Sunday, August 15, 2010

Needs of the Nation: ROTC at Columbia University and the Quadrennial Defense Review

Posted at Securenation.

Part I: Capabilities and Capacity introduced Columbia University in New York City as the ideal partner for ROTC to produce officers with the capabilities and capacity called for in the 2010 Quadrennial Defense Review (QDR). Needs of the Nation is quilted entirely from QDR text to provide a contextual basis for the partnership, while the links match QDR-identified needs to Columbia sources to further illustrate the investment potential of Columbia ROTC for the nation:

"The Secretary has directed that investments be increased in certain capabilities that have been in consistently high demand and have proven to be key enablers of tactical and operational success." (pp 20-21)

"The Department will work to ensure that all its educational institutions are resourced and staffed with the right mix of civilian and military experts who can help prepare the next generation of leaders." (p 54)

America’s men and women in uniform constitute the Department’s most important resource. (QDR p 49) Our recruiting efforts are long term investments that can yield generational gains. (p 51) Prevailing in today’s wars while working to prevent future conflict depends on the Department’s ability to create and sustain an all-volunteer force that is trained and resourced to succeed in the wide range of missions we ask them to execute. (p 49) The Department must continue developing innovative programs to attract qualified young men and women into the Armed Forces. (p xii)

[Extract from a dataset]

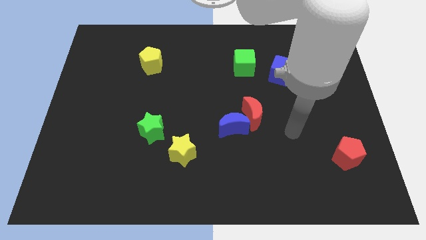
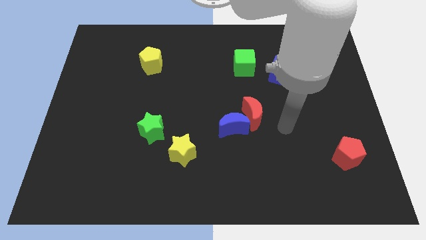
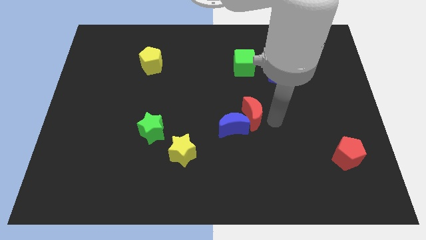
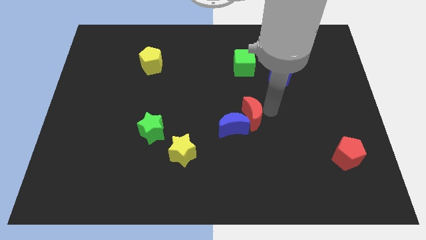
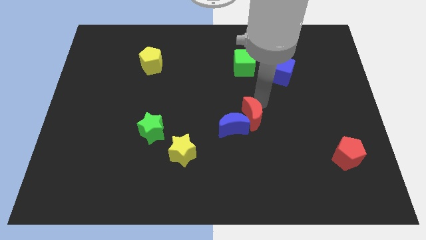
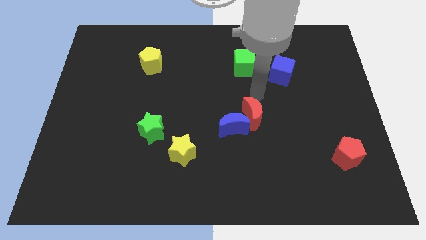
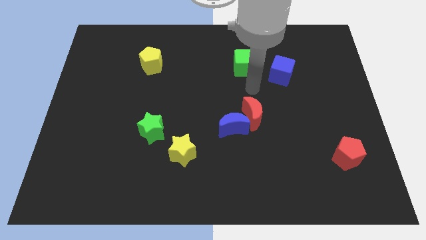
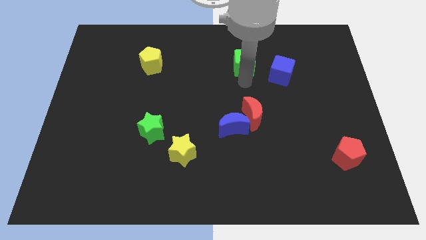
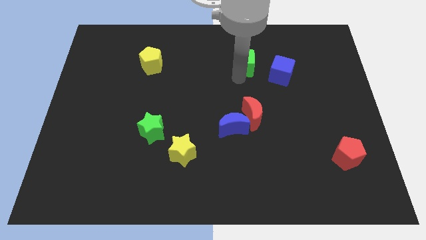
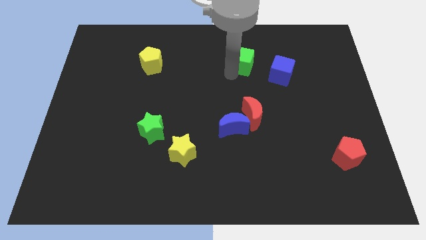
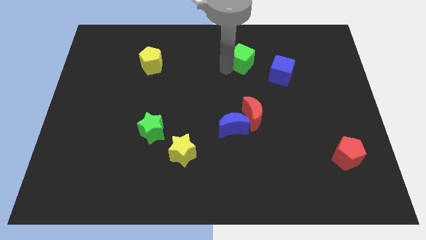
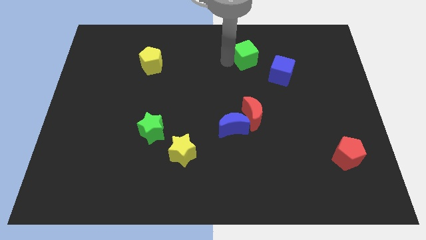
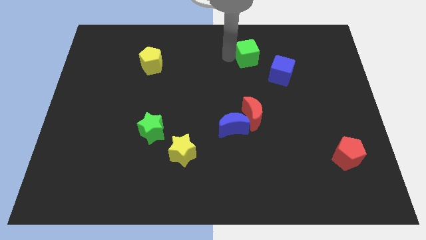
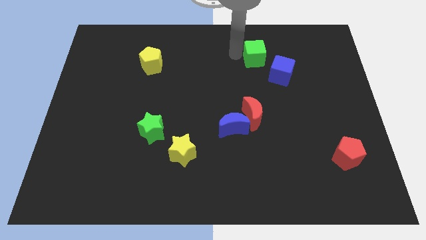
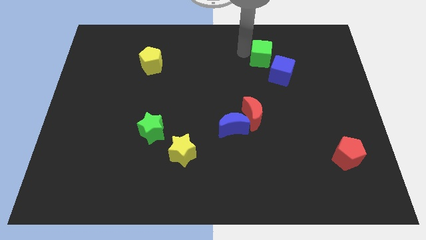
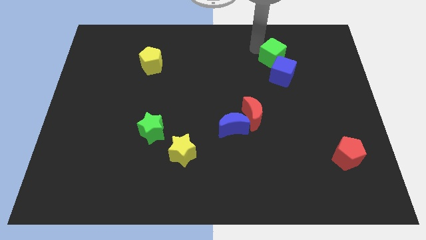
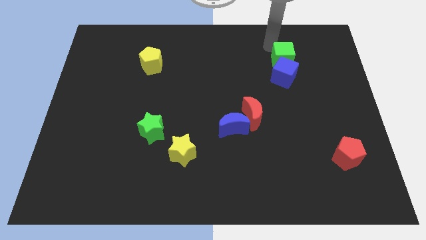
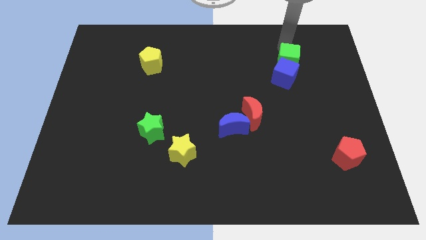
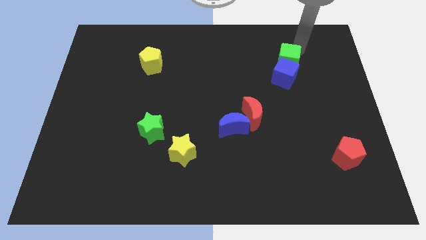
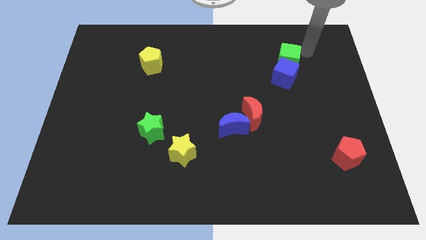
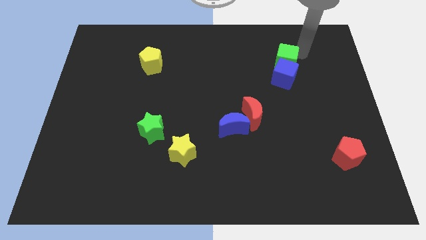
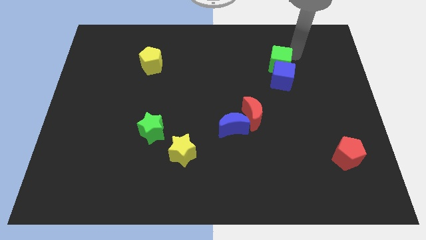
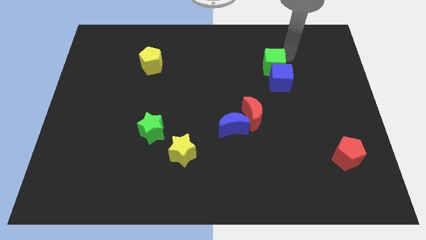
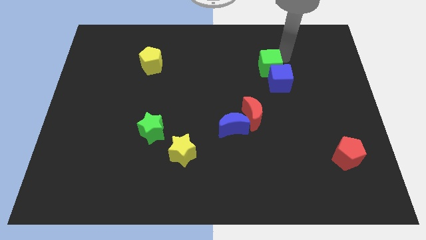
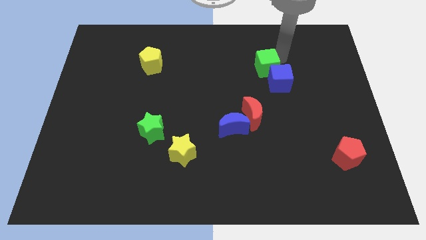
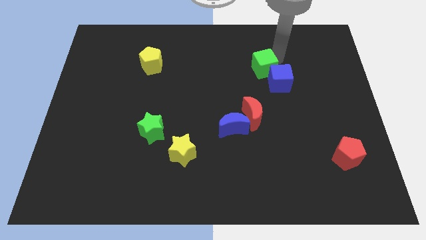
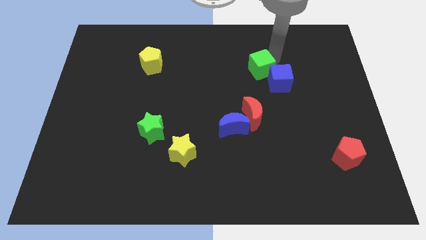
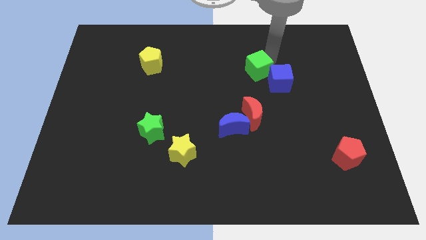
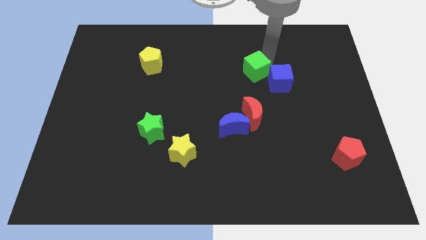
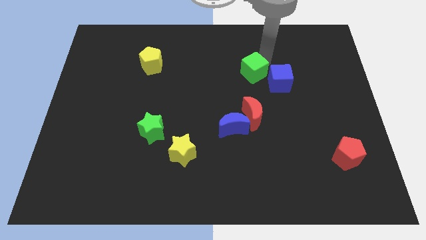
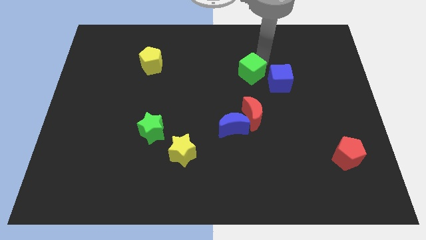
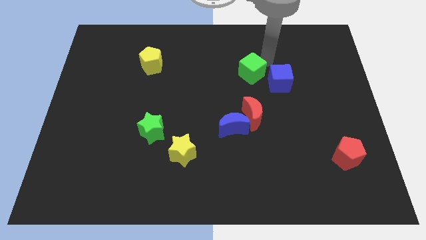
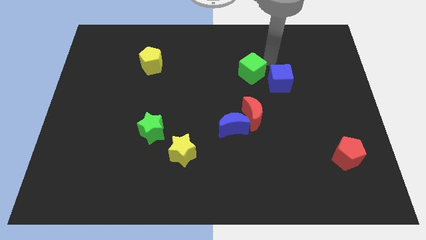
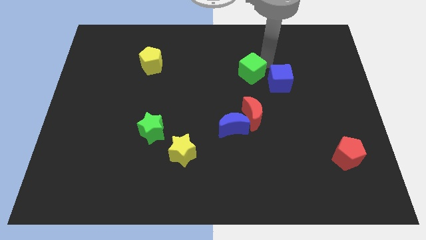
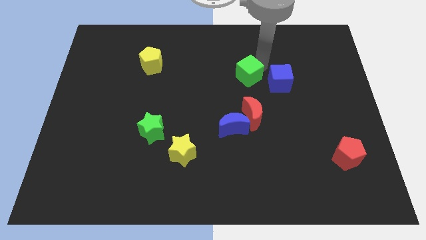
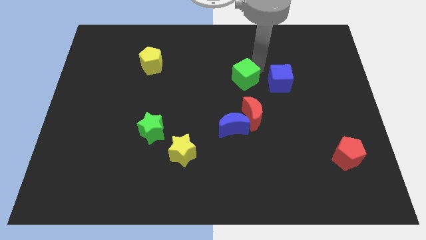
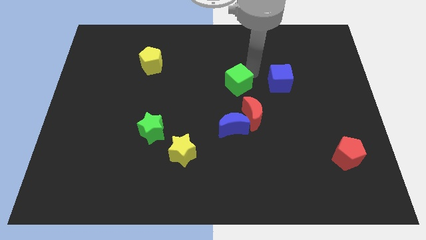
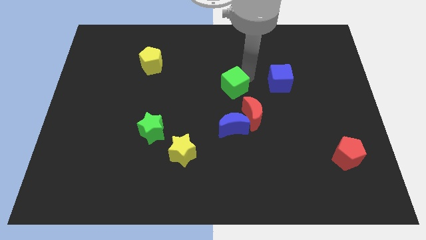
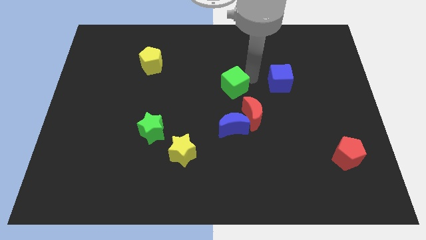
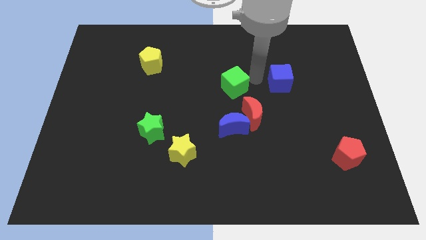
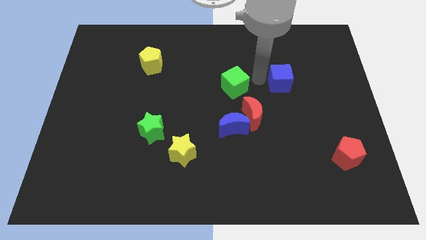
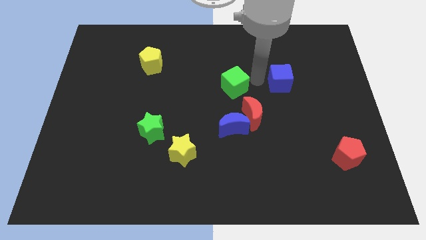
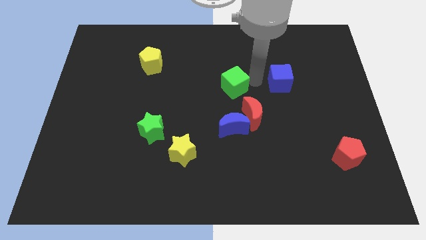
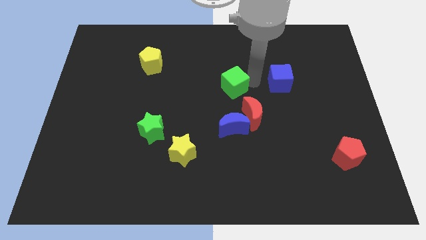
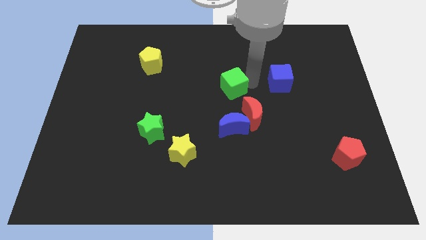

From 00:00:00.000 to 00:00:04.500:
move the green cube down and to the left slightly

Many of our authorities and structures assume a neat divide between defense, diplomacy, and development that simply does not exist. (p 74) A series of powerful cross-cutting trends, made more complex by the ongoing economic crisis, threatens to complicate international relations and make the exercise of U.S. statecraft more difficult. The rising demand for resources, rapid urbanization of littoral regions, the effects of climate change, the emergence of new strains of disease, and profound cultural and demographic tensions in several regions are just some of the trends whose complex interplay may spark or exacerbate future conflicts. (p 7) Although many efforts to protect the United States are led by other federal agencies, including the Department of Homeland Security, the role of the Department of Defense in defending the nation against direct attack and in providing support to civil authorities, potentially in response to a very significant or even catastrophic event, has steadily gained prominence. (p 18) Perhaps more than ever before, the United States requires joint military forces able to function and succeed across a wide geographic and operational spectrum. Moreover, military forces must be capable of working effectively with a range of civilian and international partners. (p 7)

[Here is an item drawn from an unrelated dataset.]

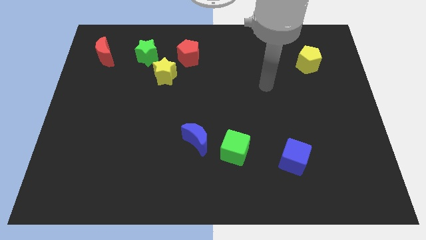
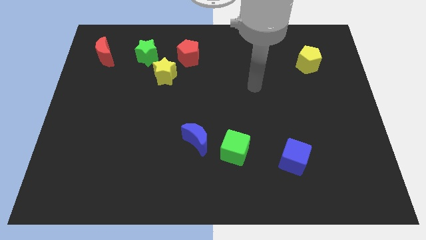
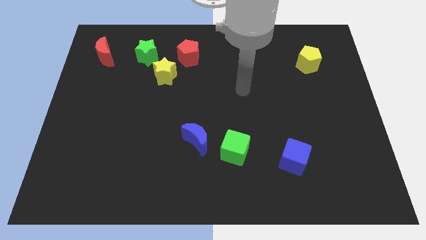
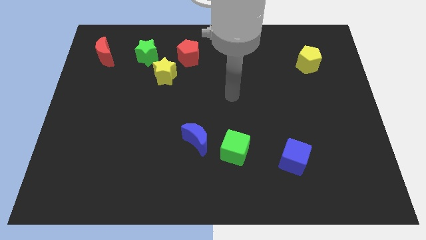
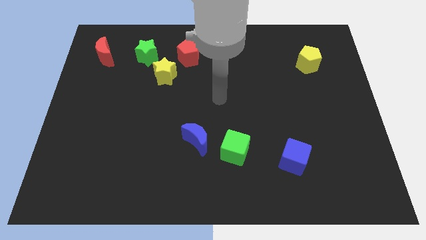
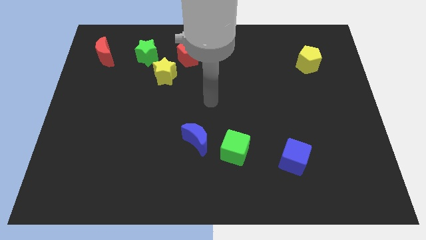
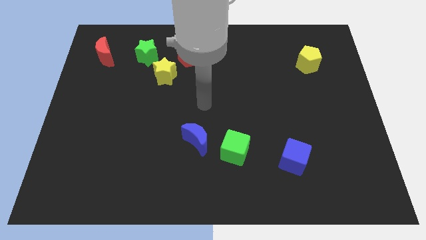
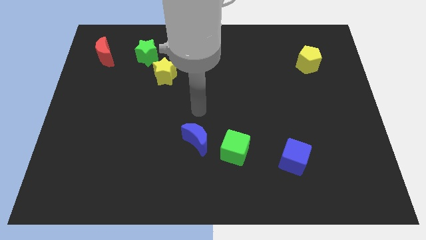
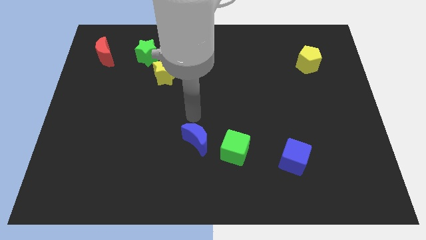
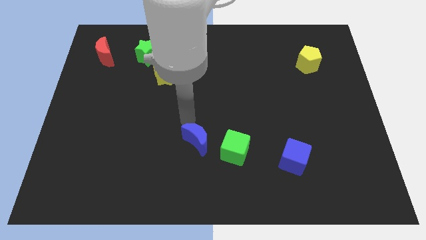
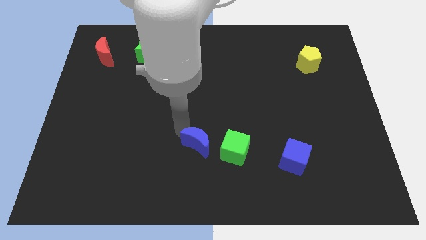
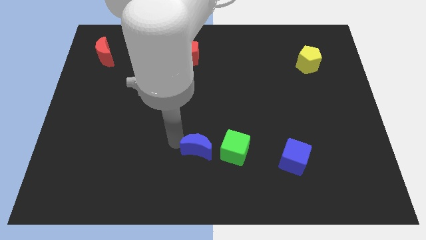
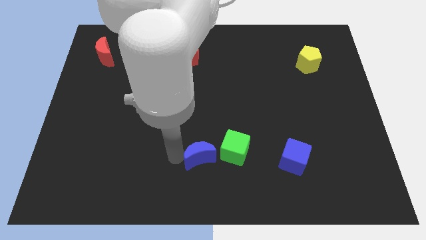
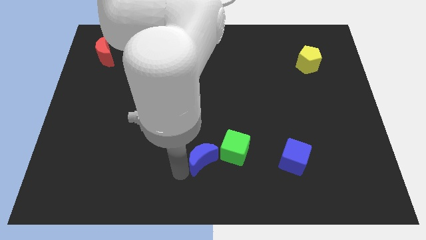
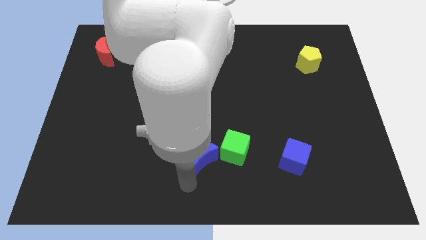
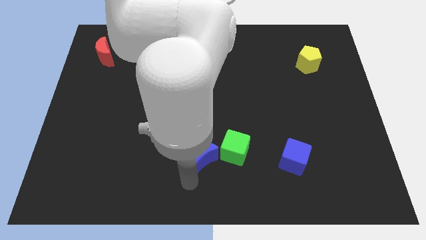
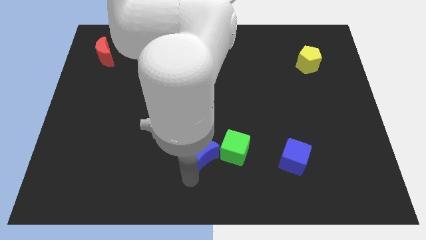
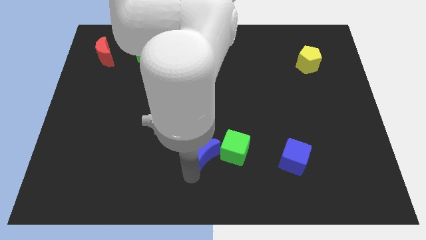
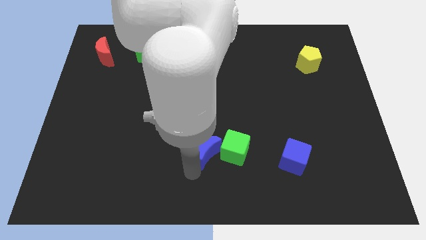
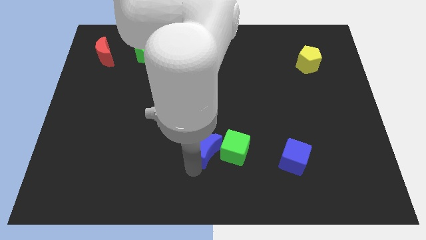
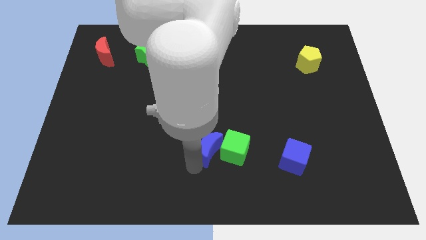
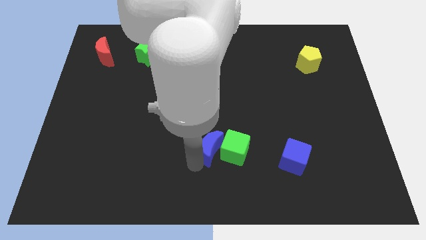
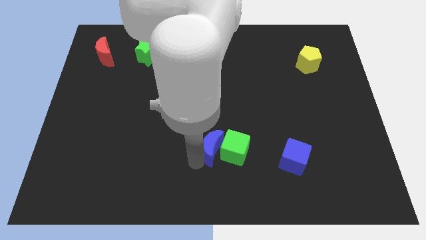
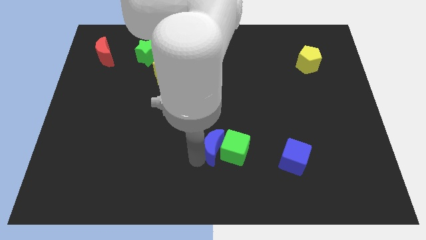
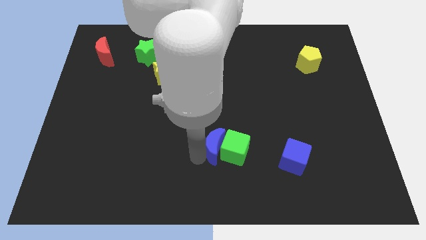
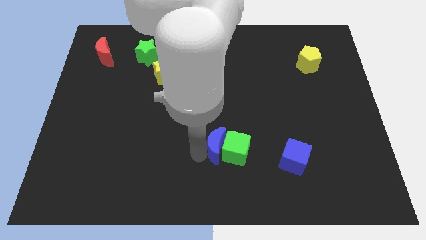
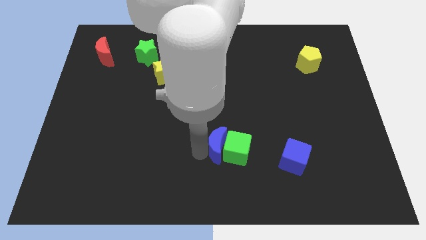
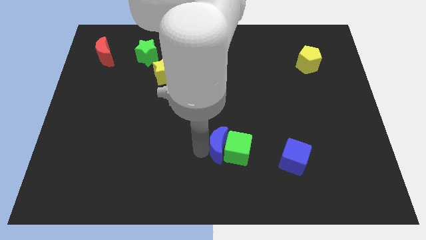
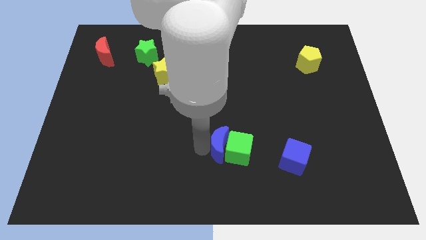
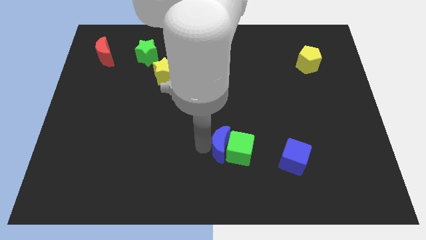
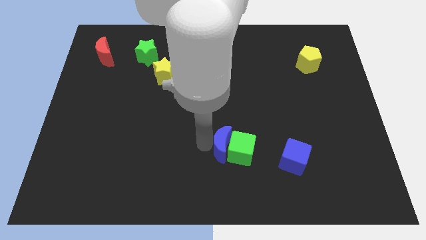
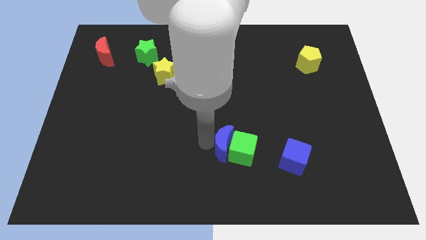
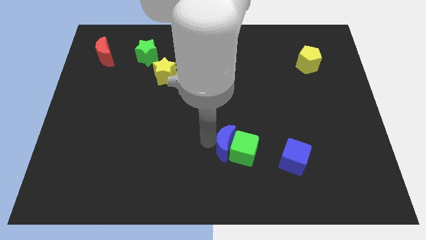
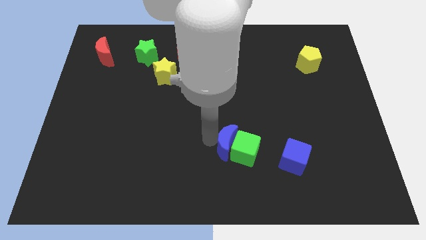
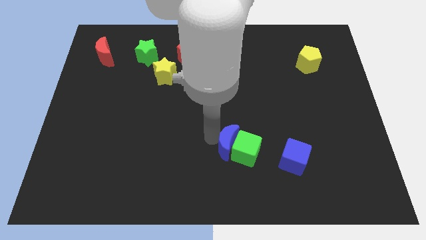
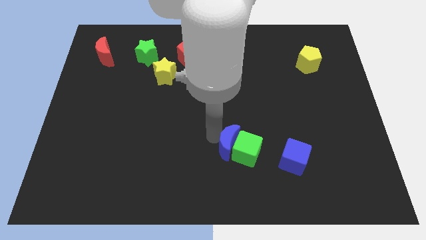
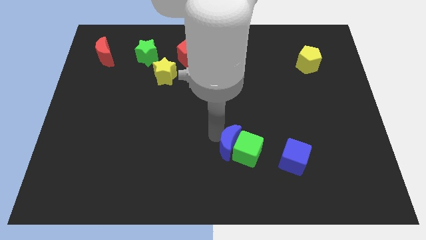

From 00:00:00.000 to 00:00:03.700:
slide the blue moon right a bit

Our enemies are adaptive and will develop systems and tactics that exploit our vulnerabilities. (pp 20-21) The Department will continue to work to ensure that America’s cadre of commissioned and noncommissioned officers are prepared for the full range of complex missions that the future security environment will likely demand. Too often, a focus on weapons acquisition programs and overall force structure crowd out needed attention concerning how the Military Departments generate, train, and sustain their leaders. As part of our commitment to ensure that tomorrow’s leaders are prepared for the difficult missions they will be asked to execute, DoD will place special emphasis on stability operations, counterinsurgency, and building partner capacity skill sets in its professional military education and career development policies. (p 54)

Examples of DoD efforts in this area include: Building expertise in foreign language, regional, and cultural skills. We will continue our emphasis on enhancing these skills in general purpose force officers during pre-accession training. Given the inherent link between language and cultural expertise and mission success, this area requires continued focus. (p 54) Operating in partnership with host nation security forces and among local populations puts a premium on foreign language skills and regional and cultural knowledge. Today’s operating environment demands a much greater degree of language and regional expertise requiring years, not weeks, of training and education, as well as a greater understanding of the factors that drive social change. (p 30)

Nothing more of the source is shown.